La fase de encantamiento, no obstante, se fundamenta no sólo en aspectos ligados a la apariencia, sino también en lo que hay por dentro. Sin embargo, otra situación puede ocurrir: conversamos con quien nos ha llamado la atención y, debido a la atracción inicial y a nuestro enorme deseo de amar tendemos a ver en su interior las afinidades que siempre hemos deseado que existiesen en aquel que nos arrebata el corazón.
Por ejemplo: un muchacho endeble e intelectualizado es visto como emotivo, romántico, delicado, respetuoso y poco celoso. La chica se encanta con él y espera que él sea portador de tales cualidades. A esto denominamos idealización: considerar que el otro tiene características que le atribuimos. Soñamos con un príncipe encantado – o con una princesa ideal – y proyectamos todos nuestros deseos sobre aquella persona. Y, cuando pasamos a convivir con ella, esperamos las reacciones propias del ser que hemos idealizado.

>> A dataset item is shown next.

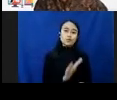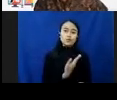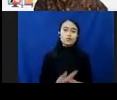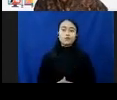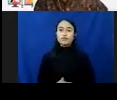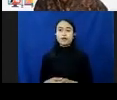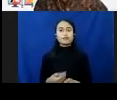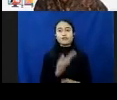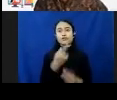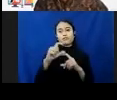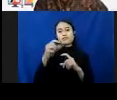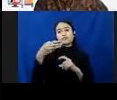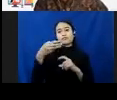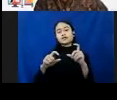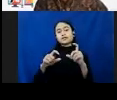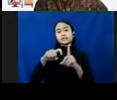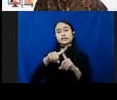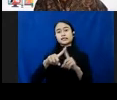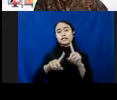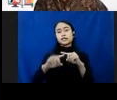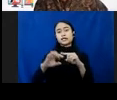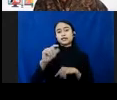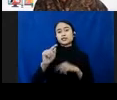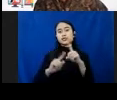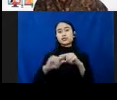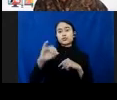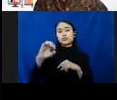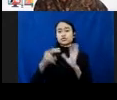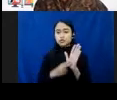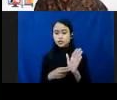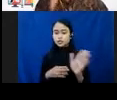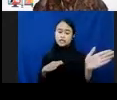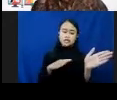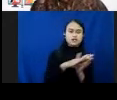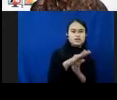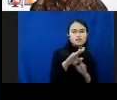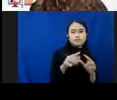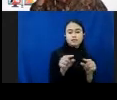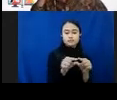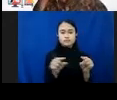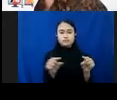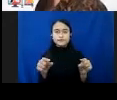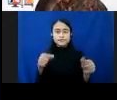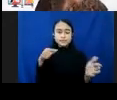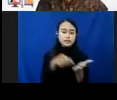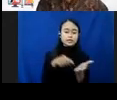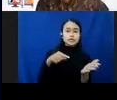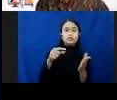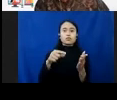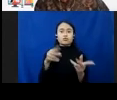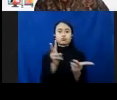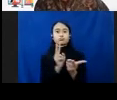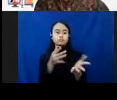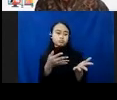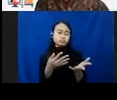sektorsion, dikirimi tautan-tautan gambar, porno. Kalau begini, bagaimana rehabilitasinya,
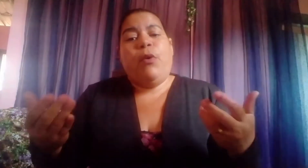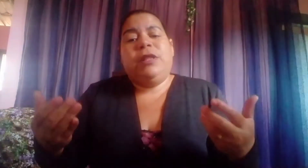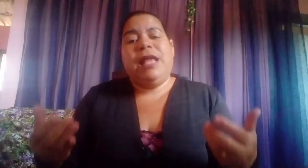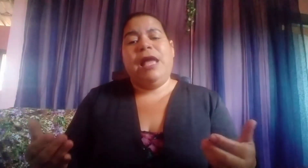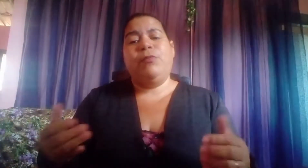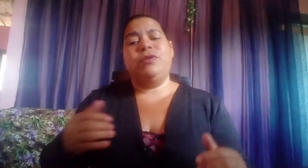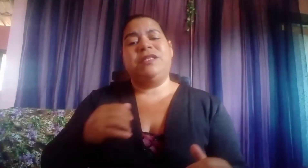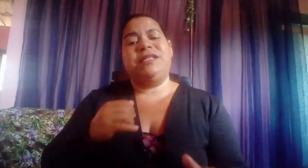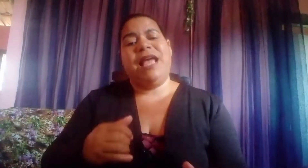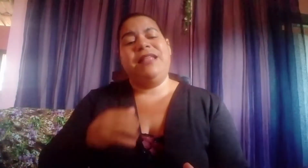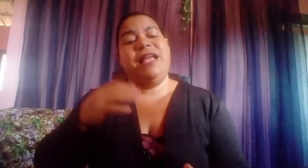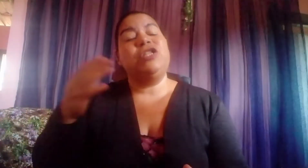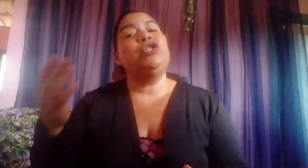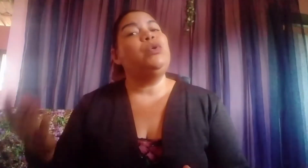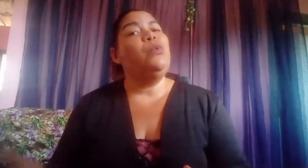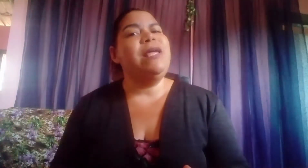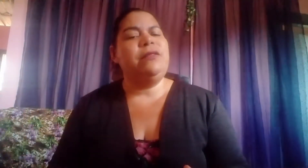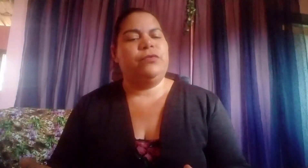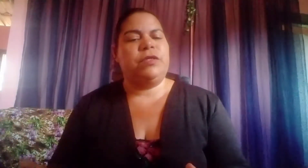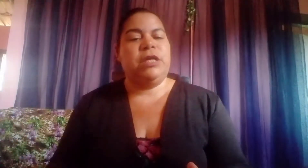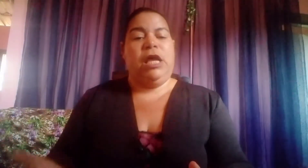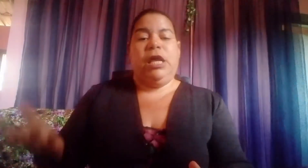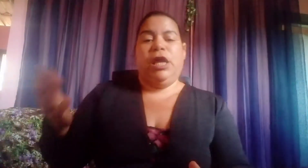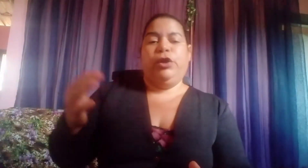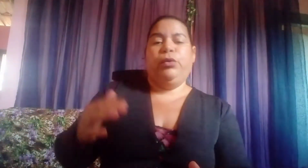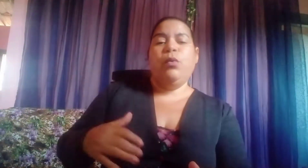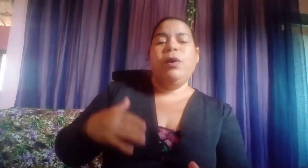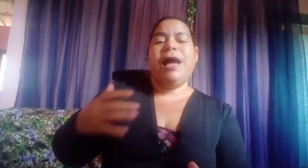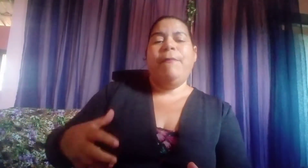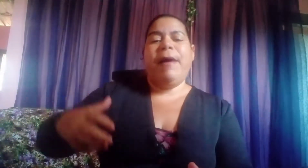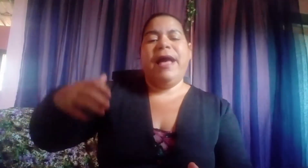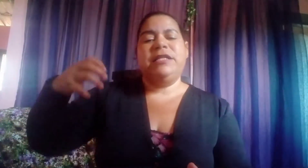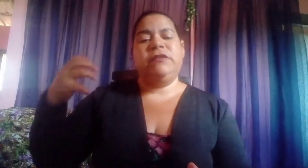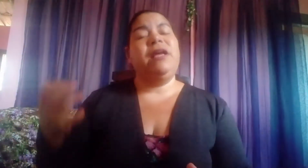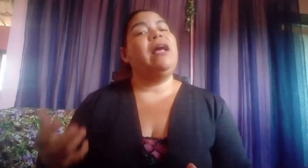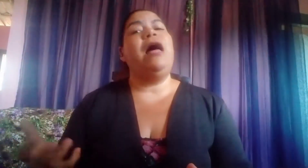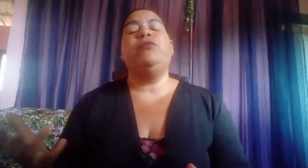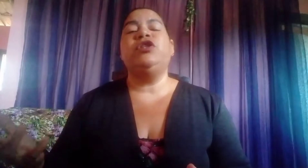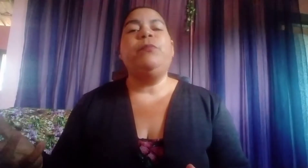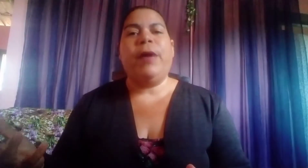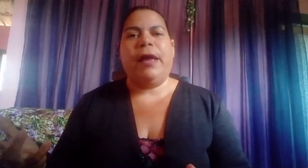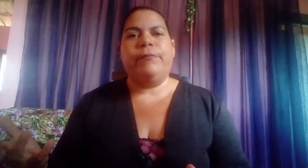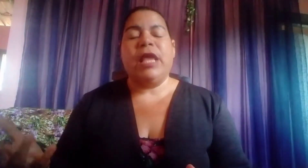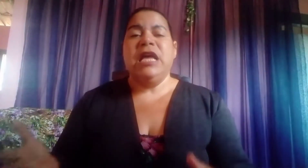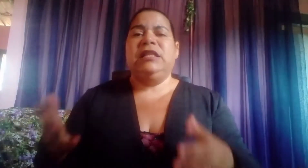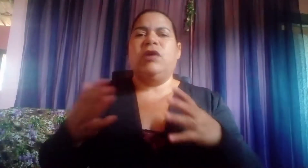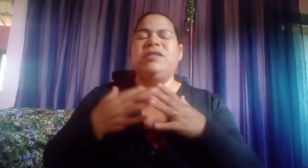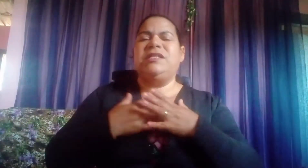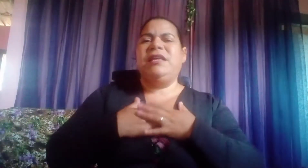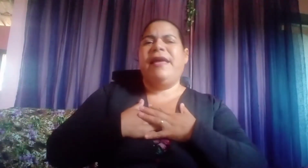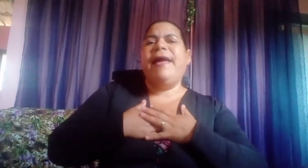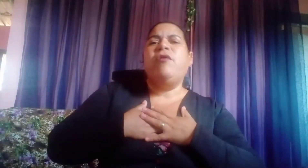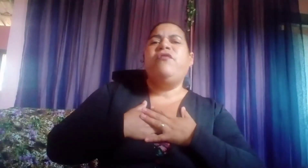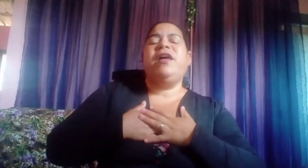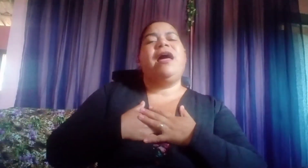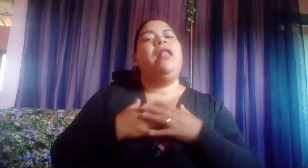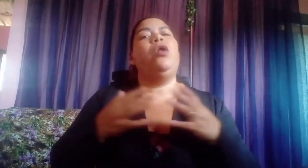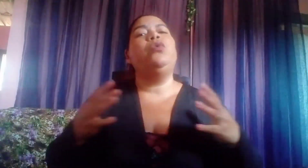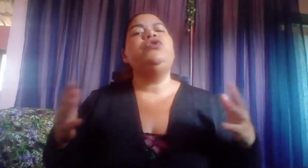podemos ser destruídos e nunca mais ficarmos de pé. Então, se eu ficar longe

Pero ¿qué ocurre? Es el individuo real, quien va a reaccionar y a comportarse conforme a sus peculiaridades. Y es muy probable que nos decepcionemos – no exactamente por culpa de sus características, sino porque habíamos precipitado sobre él fantasías de perfección.
El error no siempre está en el compañero, sino en el hecho de haber soñado con él más que prestado atención a lo que él realmente es. He ahí un buen ejemplo de los peligros derivados de la sofisticación de la mente, capaz de usar la imaginación de una forma tan libre que la realidad jamás conseguirá alcanzarla.